All of the shares, pre-funded warrants and common stock warrants in the offering are being sold by Vincerx. The gross proceeds to Vincerx from the offering, before deducting the underwriting discounts and commissions and other offering expenses, are expected to be approximately $16.5 million. The offering is expected to close on or about April 30, 2024, subject to customary closing conditions.
Leerink Partners is acting as the sole bookrunning manager for the offering.
The offering is being made pursuant to a shelf registration statement on Form S-3 (File No. 333-262239) that was declared effective by the Securities and Exchange Commission (the “SEC”) on January 28, 2022. The offering is being made only by means of a prospectus and prospectus supplement that form a part of the registration statement. A final prospectus supplement relating to the offering will be filed with the SEC and will be available on the SEC’s website, located at www.sec.gov. Copies of the final prospectus supplement and the accompanying prospectus relating to the offering, when available, may also be obtained by contacting Leerink Partners LLC, Syndicate Department, 53 State Street, 40th Floor, Boston, MA 02109, by telephone at (800) 808-7525 ext. 6105, or by email at syndicate@leerink.com.

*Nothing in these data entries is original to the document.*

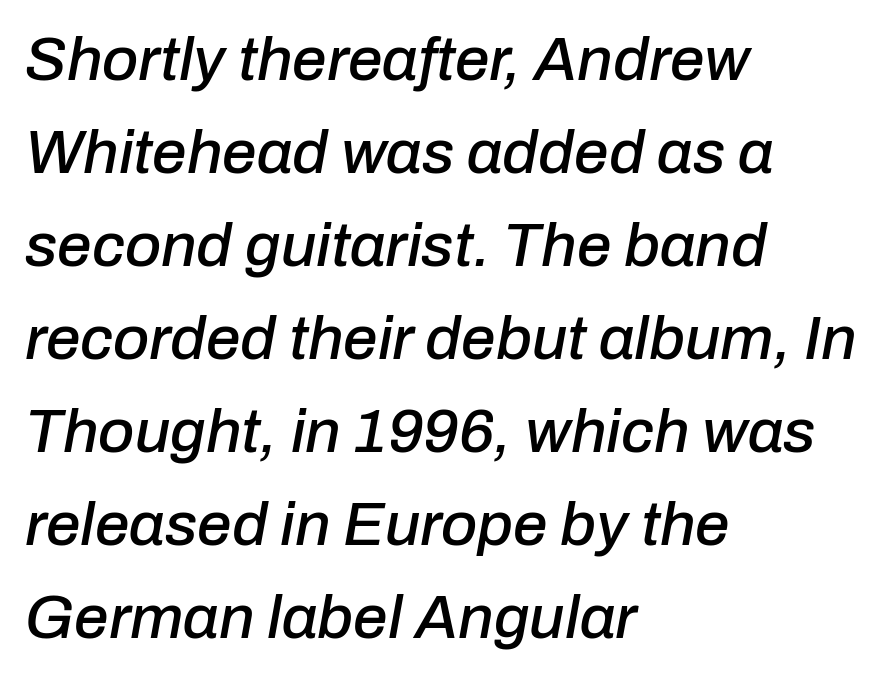
Q: Is the text italic (slanted)? A: Yes, it leans right by about 10 degrees.
Q: Is the text underlined? A: No.
Q: How is the paragraph aligned? A: Left-aligned.
Q: Is the spacing between letters normal or unusually wide? A: Normal.
Q: Is the spacing between lines tight, normal or loose? A: Normal.
Q: Width (condensed, normal, or wide)? A: Normal.
Q: Stroke contrast? A: Low.
Q: x-height? A: Medium.
Q: Monospaced? A: No.
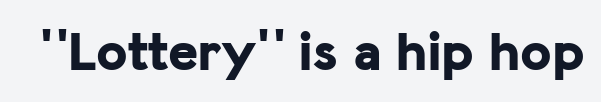
{"serif": "no", "italic": "no", "bold": "yes", "weight": "bold", "width": "normal", "stroke_contrast": "low", "x_height": "medium", "monospaced": "no", "underline": "no", "letter_spacing": "normal", "letter_spacing_em": 0.0, "glyph_px": 57}

This press release shall not constitute an offer to sell or the solicitation of an offer to buy these securities, nor shall there be any sale of these securities in any state or jurisdiction in which such offer, solicitation or sale would be unlawful prior to registration or qualification under the securities laws of any such state or jurisdiction.

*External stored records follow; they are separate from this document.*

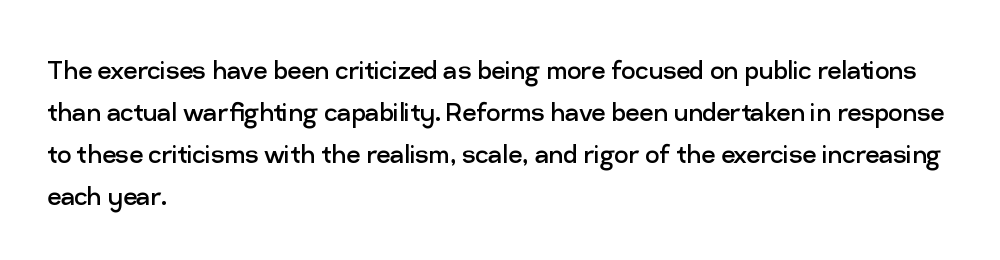
{"serif": "no", "italic": "no", "bold": "no", "weight": "regular", "width": "normal", "stroke_contrast": "low", "x_height": "medium", "monospaced": "no", "underline": "no", "align": "left", "line_spacing": "normal", "line_spacing_ratio": 1.36, "letter_spacing": "normal", "letter_spacing_em": 0.0, "glyph_px": 31}
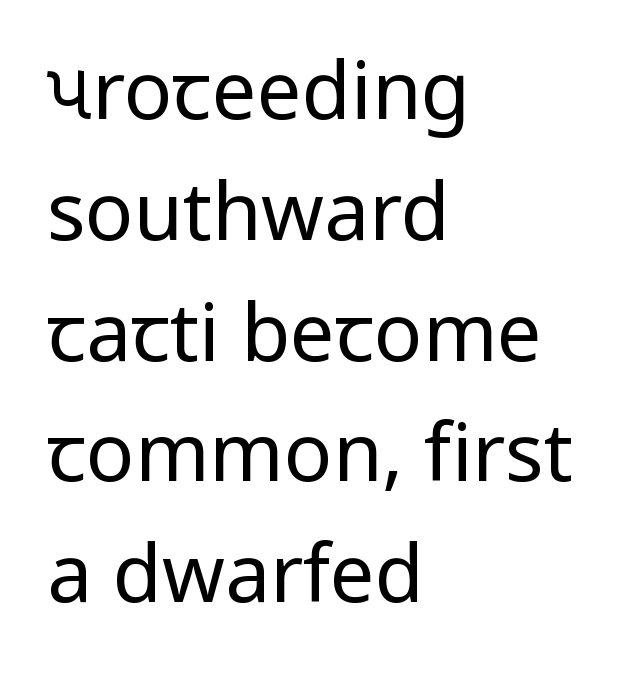
Q: Is the text bold? A: No.
Q: Is the text italic (slanted)? A: No, it is upright.
Q: Is the typeface a serif or a sans-serif typeface? A: Sans-serif.
Q: Is the text underlined? A: No.
Q: How is the paragraph aligned? A: Left-aligned.
Q: Is the spacing between letters normal or unusually wide? A: Normal.
Q: Is the spacing between lines tight, normal or loose? A: Normal.
Q: Width (condensed, normal, or wide)? A: Normal.
Q: Stroke contrast? A: Low.
Q: x-height? A: Medium.
Q: Monospaced? A: No.

Vincerx Pharma, Inc. is a clinical-stage biopharmaceutical company committed to developing differentiated and novel therapies to address the unmet medical needs of patients with cancer. Vincerx has assembled a seasoned management team with a proven track record of successful oncology drug development, approvals, and value creation. Vincerx’s diverse pipeline consists of the next-generation antibody-drug conjugate, VIP943, in Phase 1; small molecule-drug conjugate, VIP236, in Phase 1; preclinical antibody-drug conjugate, VIP924; CDK9 inhibitor, enitociclib, in an NIH-sponsored Phase 1; and VersAptx™, its versatile and adaptable, next-generation bioconjugation platform.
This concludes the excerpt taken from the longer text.